= WHAT YOU ARE ASKED TO DO =
Give again, exactly as written, the lines of the records below from the line with "Sourced from one" to the line with "At 0.4 seconds after image 1.". Both end lines count; pictures do not.

= RECORD SET =
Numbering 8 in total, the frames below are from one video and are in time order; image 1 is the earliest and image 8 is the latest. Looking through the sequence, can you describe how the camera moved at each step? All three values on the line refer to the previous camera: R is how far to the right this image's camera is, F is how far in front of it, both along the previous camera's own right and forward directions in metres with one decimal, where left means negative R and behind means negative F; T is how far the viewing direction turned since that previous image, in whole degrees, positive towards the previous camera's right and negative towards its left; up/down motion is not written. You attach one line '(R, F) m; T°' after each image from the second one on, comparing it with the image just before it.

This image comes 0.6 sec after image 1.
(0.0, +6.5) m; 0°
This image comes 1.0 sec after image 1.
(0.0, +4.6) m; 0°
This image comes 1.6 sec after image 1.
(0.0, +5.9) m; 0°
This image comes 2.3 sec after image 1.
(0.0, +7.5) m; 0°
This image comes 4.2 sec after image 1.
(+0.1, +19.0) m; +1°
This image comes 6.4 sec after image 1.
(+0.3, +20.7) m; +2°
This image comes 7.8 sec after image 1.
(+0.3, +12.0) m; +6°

---

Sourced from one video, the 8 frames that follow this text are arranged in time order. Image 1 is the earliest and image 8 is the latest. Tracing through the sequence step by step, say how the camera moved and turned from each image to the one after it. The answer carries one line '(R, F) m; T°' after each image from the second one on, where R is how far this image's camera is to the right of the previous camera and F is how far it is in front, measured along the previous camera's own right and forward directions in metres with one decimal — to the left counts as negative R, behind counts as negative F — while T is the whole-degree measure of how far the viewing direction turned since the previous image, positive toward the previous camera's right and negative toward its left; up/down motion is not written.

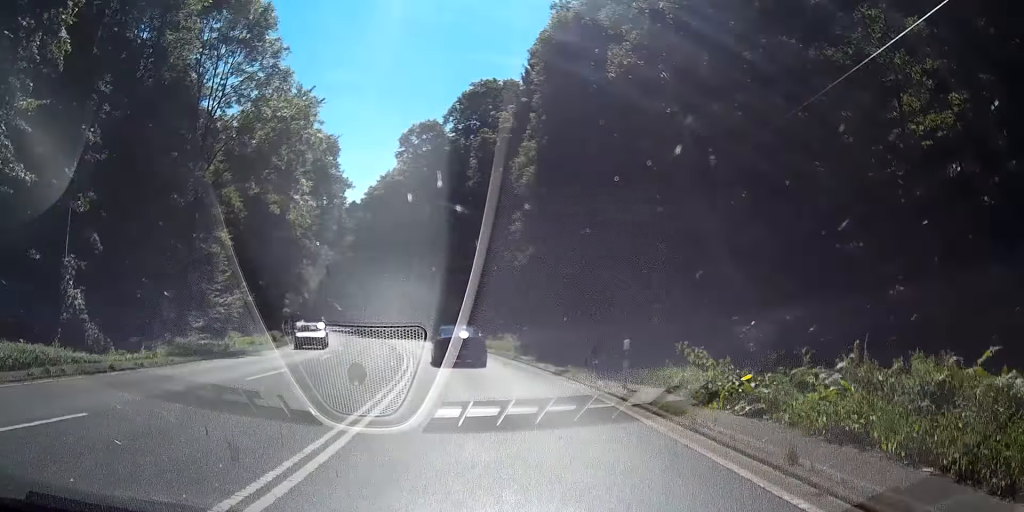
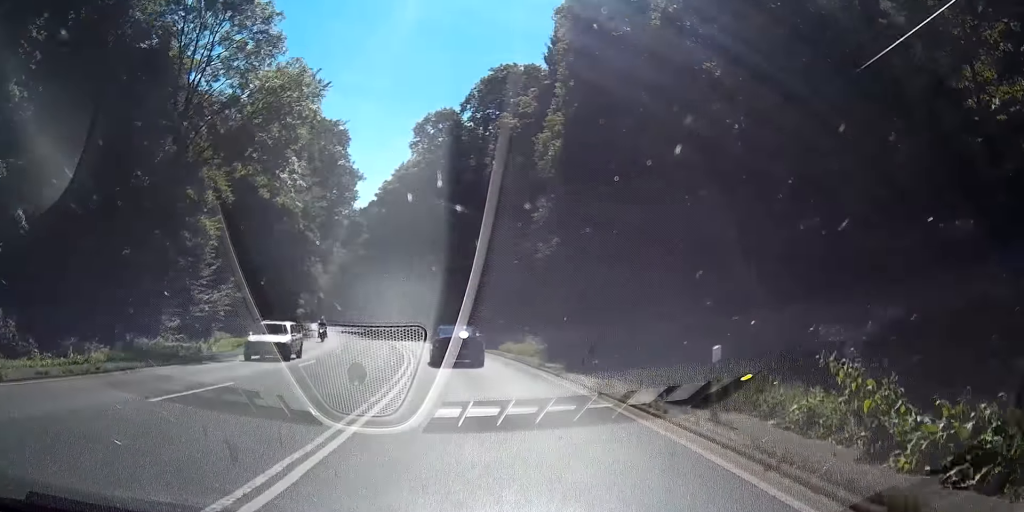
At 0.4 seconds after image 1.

--

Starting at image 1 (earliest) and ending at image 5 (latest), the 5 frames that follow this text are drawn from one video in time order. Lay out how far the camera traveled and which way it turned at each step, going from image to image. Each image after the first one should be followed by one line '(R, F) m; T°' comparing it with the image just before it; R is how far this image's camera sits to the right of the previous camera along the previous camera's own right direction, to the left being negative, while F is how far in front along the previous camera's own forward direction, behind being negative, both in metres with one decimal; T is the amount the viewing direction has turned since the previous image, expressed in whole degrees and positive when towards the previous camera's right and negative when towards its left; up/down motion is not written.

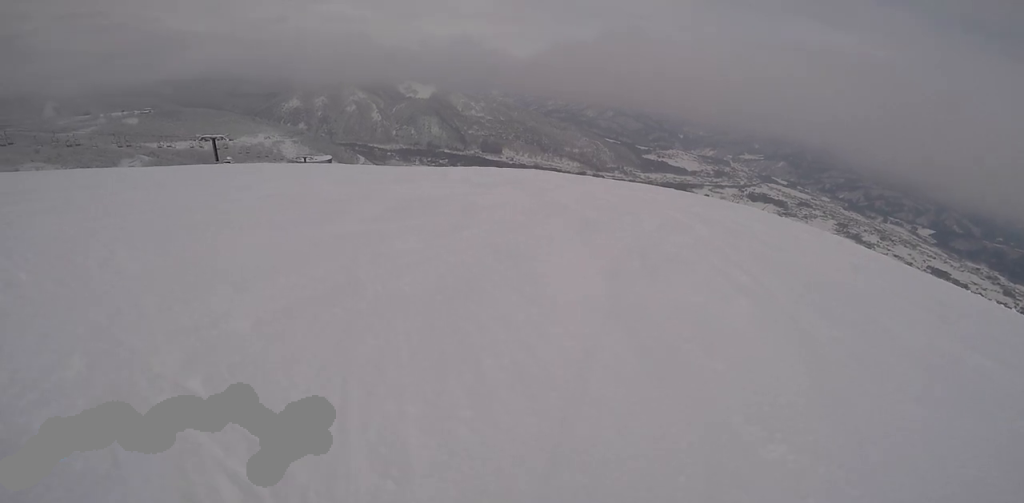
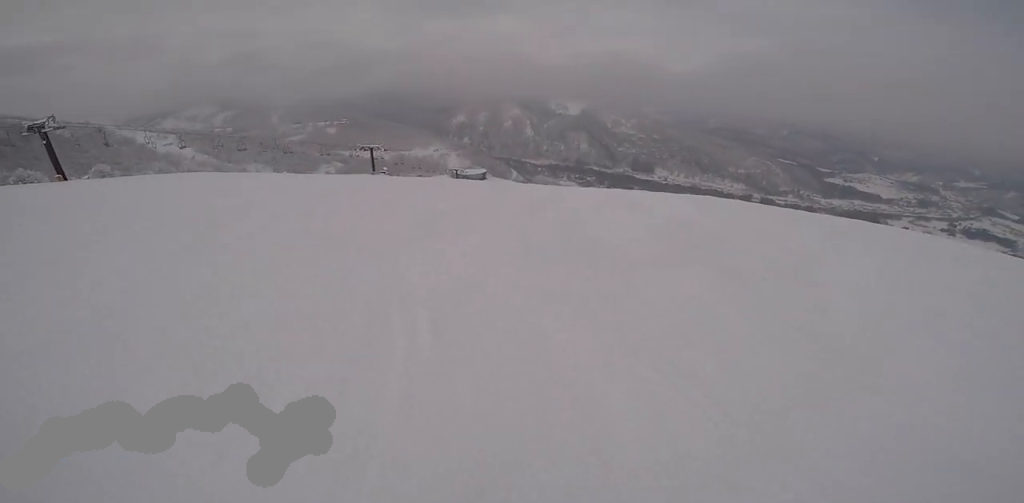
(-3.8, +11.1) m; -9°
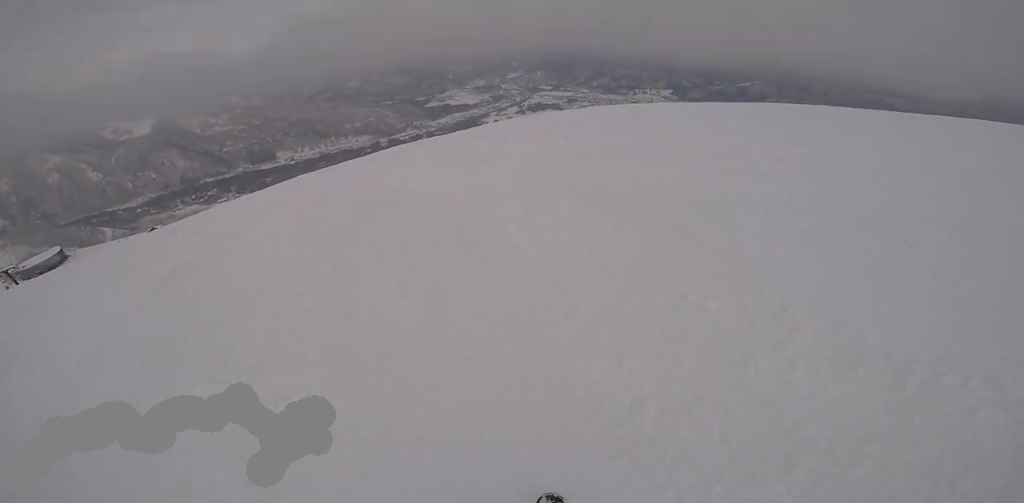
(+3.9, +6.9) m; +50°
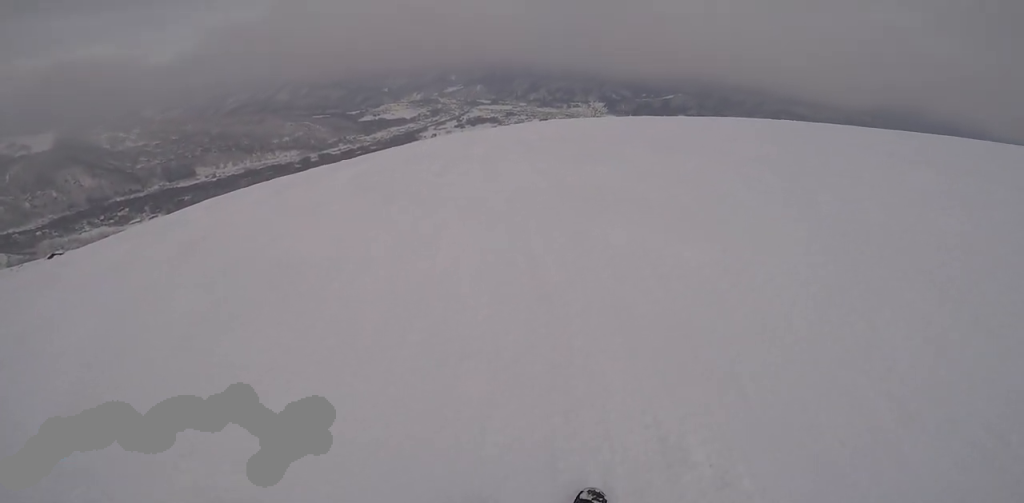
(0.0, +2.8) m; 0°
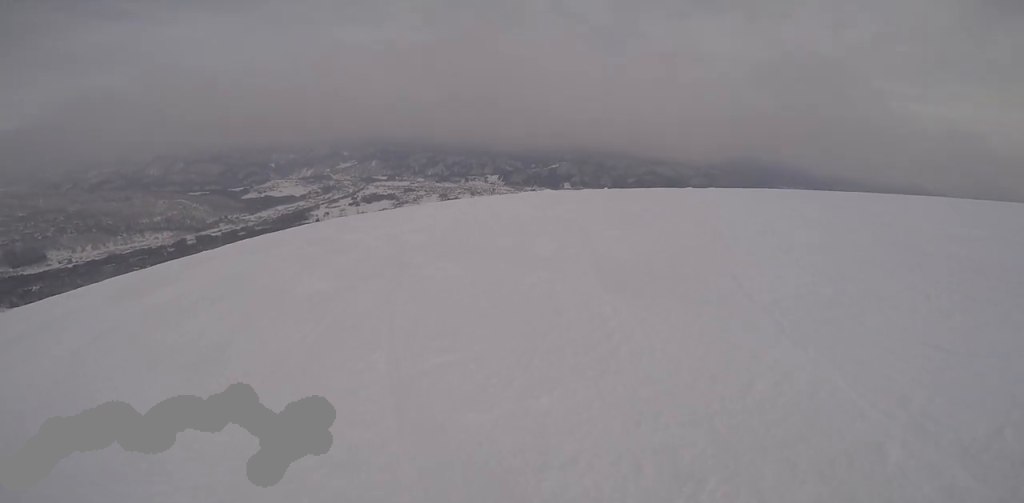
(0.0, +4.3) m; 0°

= RESPONSE =
Sourced from one video, the 8 frames that follow this text are arranged in time order. Image 1 is the earliest and image 8 is the latest. Tracing through the sequence step by step, say how the camera moved and turned from each image to the one after it. The answer carries one line '(R, F) m; T°' after each image from the second one on, where R is how far this image's camera is to the right of the previous camera and F is how far it is in front, measured along the previous camera's own right and forward directions in metres with one decimal — to the left counts as negative R, behind counts as negative F — while T is the whole-degree measure of how far the viewing direction turned since the previous image, positive toward the previous camera's right and negative toward its left; up/down motion is not written.

At 0.4 seconds after image 1.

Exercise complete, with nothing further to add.